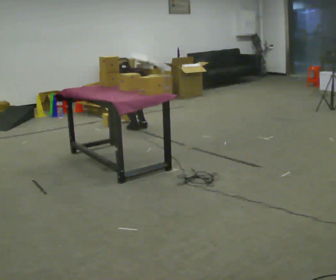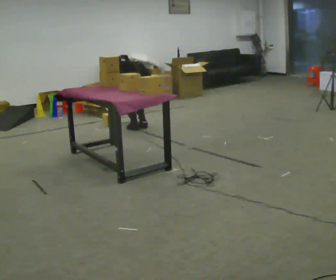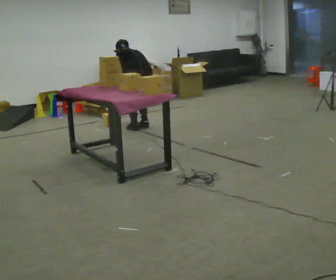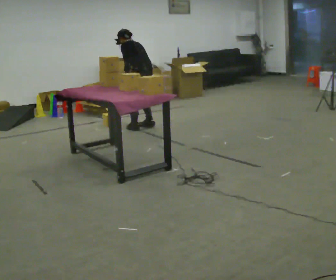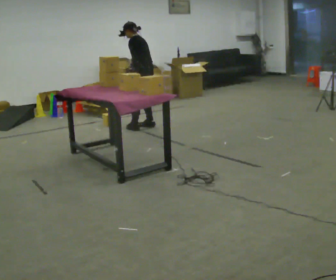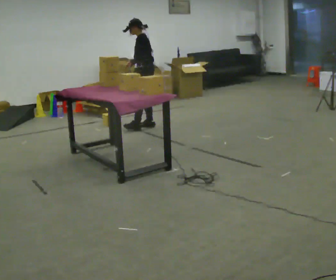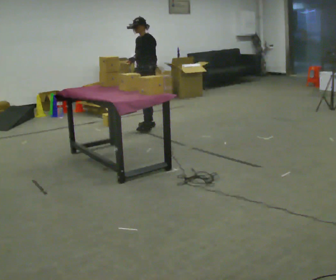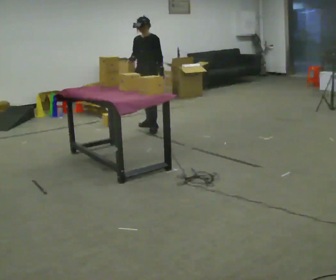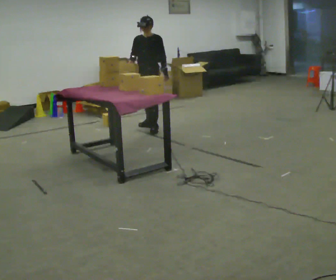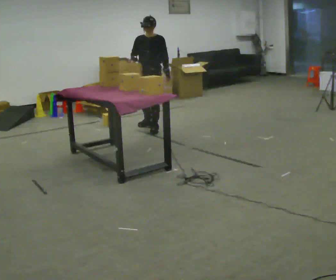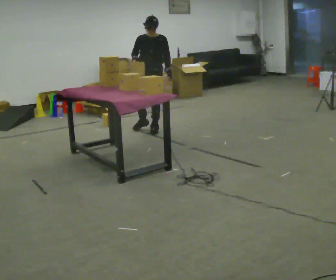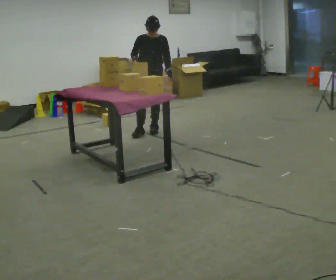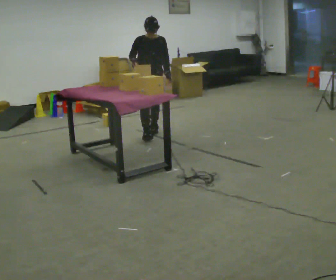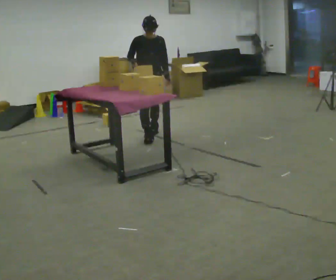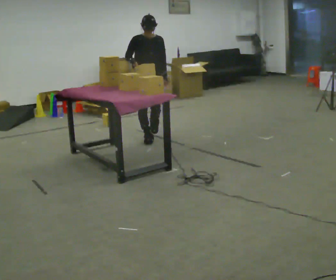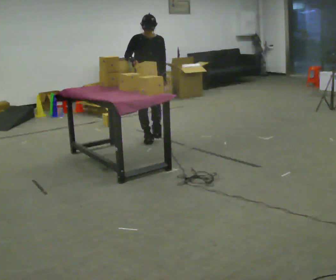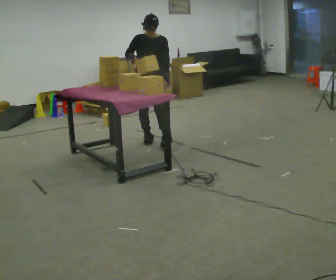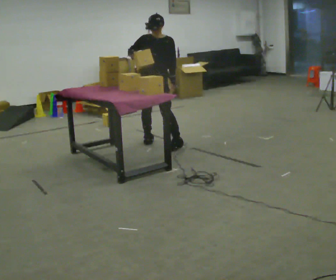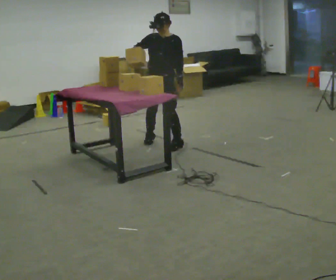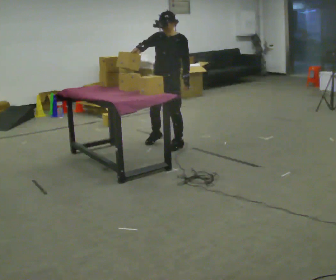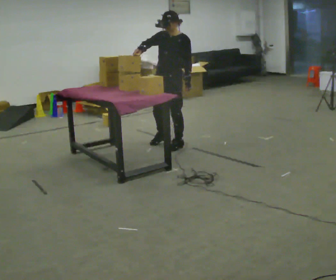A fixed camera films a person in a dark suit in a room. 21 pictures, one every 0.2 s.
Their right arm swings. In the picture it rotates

* * *

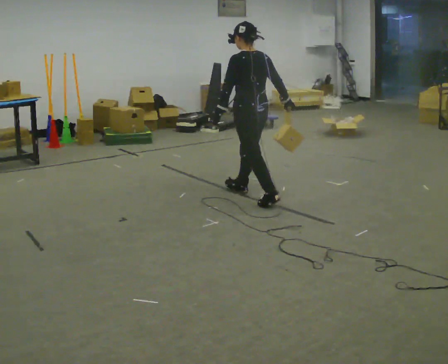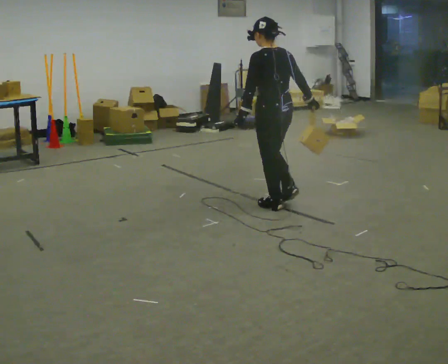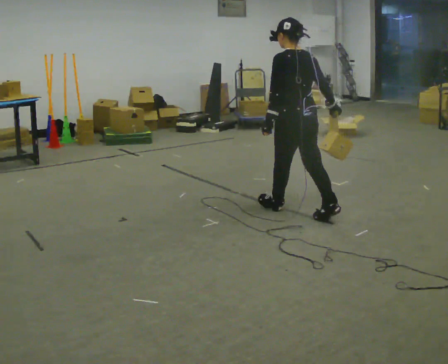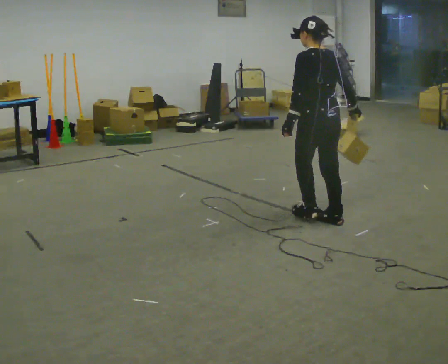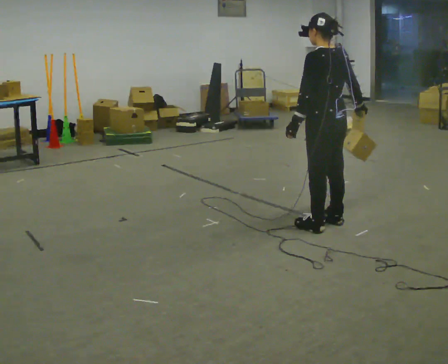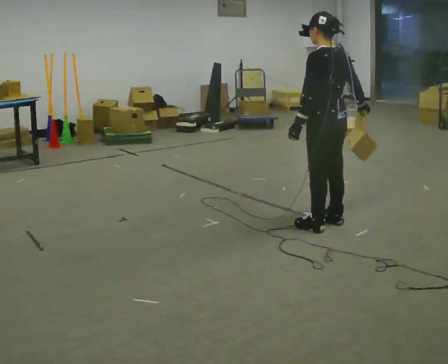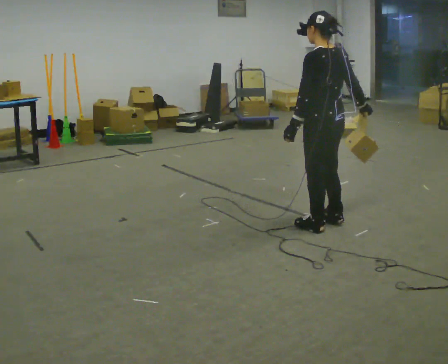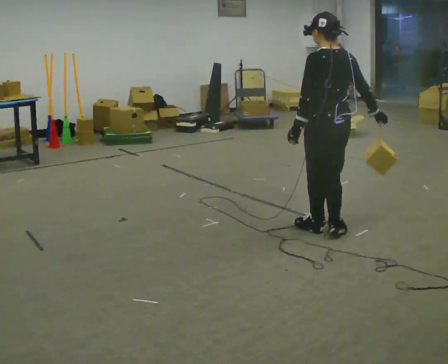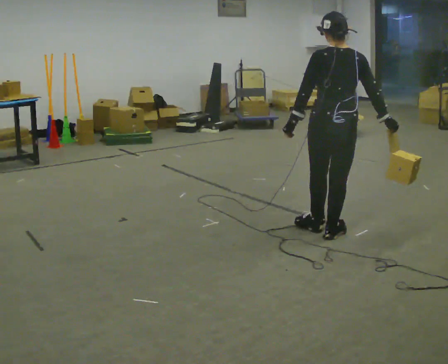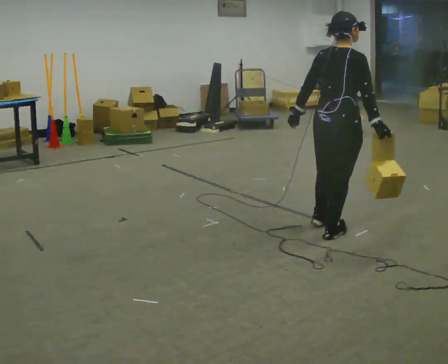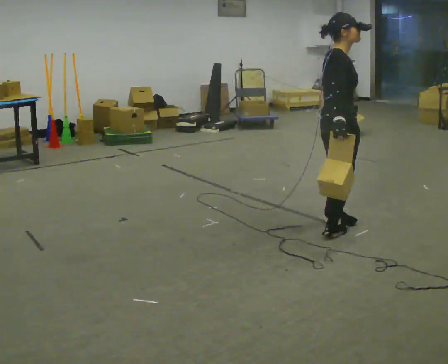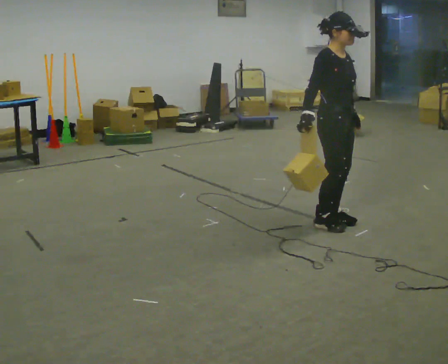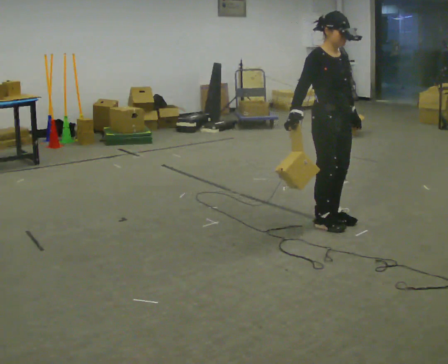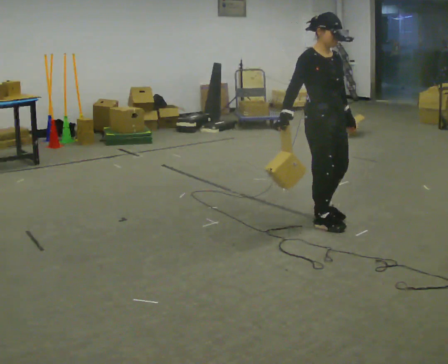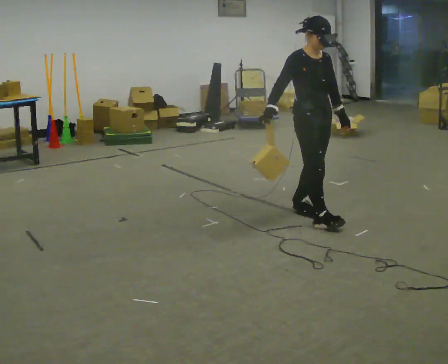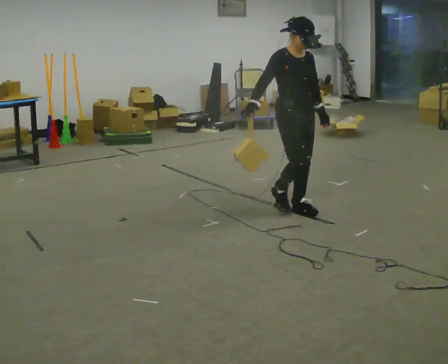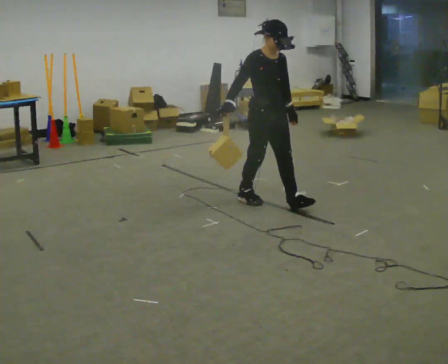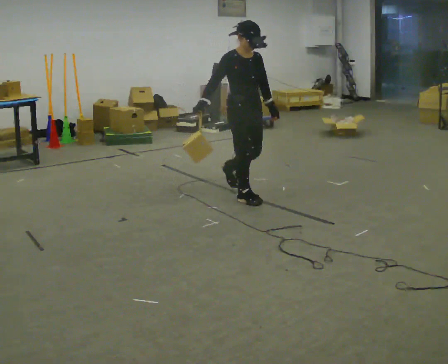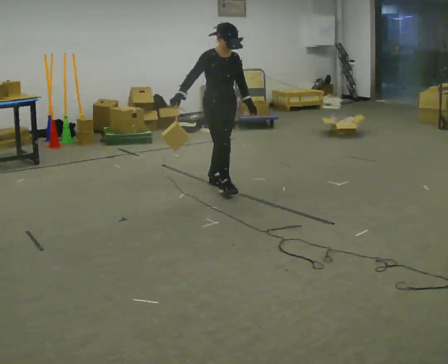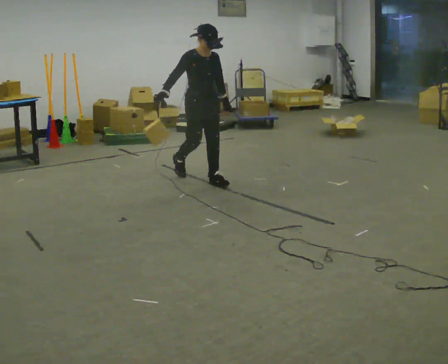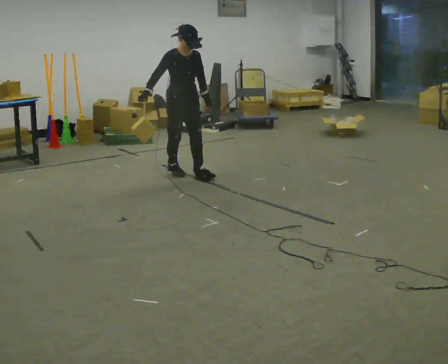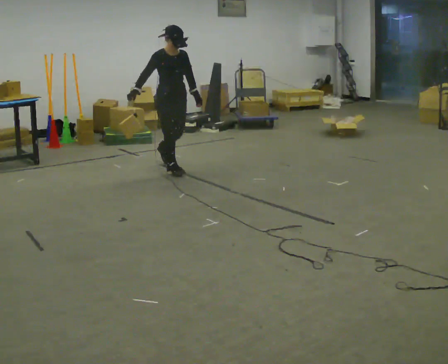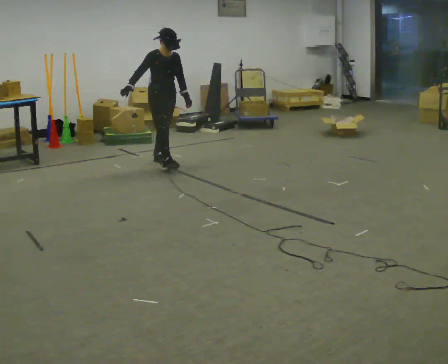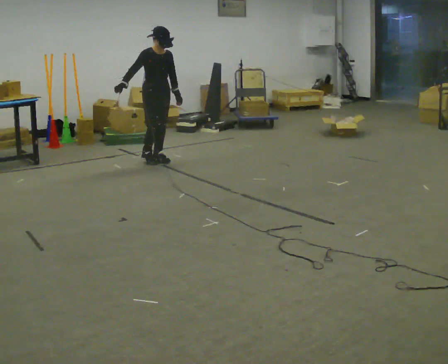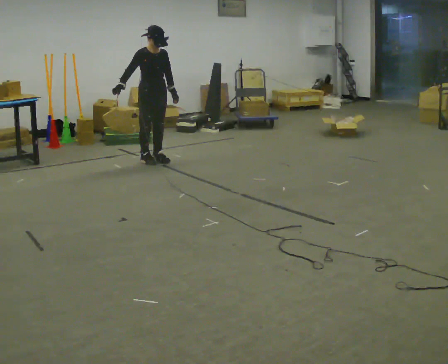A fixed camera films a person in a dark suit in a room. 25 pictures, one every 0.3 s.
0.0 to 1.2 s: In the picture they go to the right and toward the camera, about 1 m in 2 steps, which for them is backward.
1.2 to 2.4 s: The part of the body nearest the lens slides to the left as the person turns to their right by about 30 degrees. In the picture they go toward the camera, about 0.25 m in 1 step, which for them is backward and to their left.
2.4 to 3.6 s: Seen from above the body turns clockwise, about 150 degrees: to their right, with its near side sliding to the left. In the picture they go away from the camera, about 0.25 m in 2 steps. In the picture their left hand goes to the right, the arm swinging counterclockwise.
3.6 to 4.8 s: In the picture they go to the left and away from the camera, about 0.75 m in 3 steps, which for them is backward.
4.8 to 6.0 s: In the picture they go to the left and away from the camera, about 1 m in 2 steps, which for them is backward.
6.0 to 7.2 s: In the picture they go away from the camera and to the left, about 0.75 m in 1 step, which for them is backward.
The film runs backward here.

> [Problem description] Set the pictures aside and retype exactly the lines above from the line with "every 0.2 s." to the line with "Their right arm", both included, adding no others.

> [Answer section]
A fixed camera films a person in a dark suit in a room. 21 pictures, one every 0.2 s.
Their right arm swings. In the picture it rotates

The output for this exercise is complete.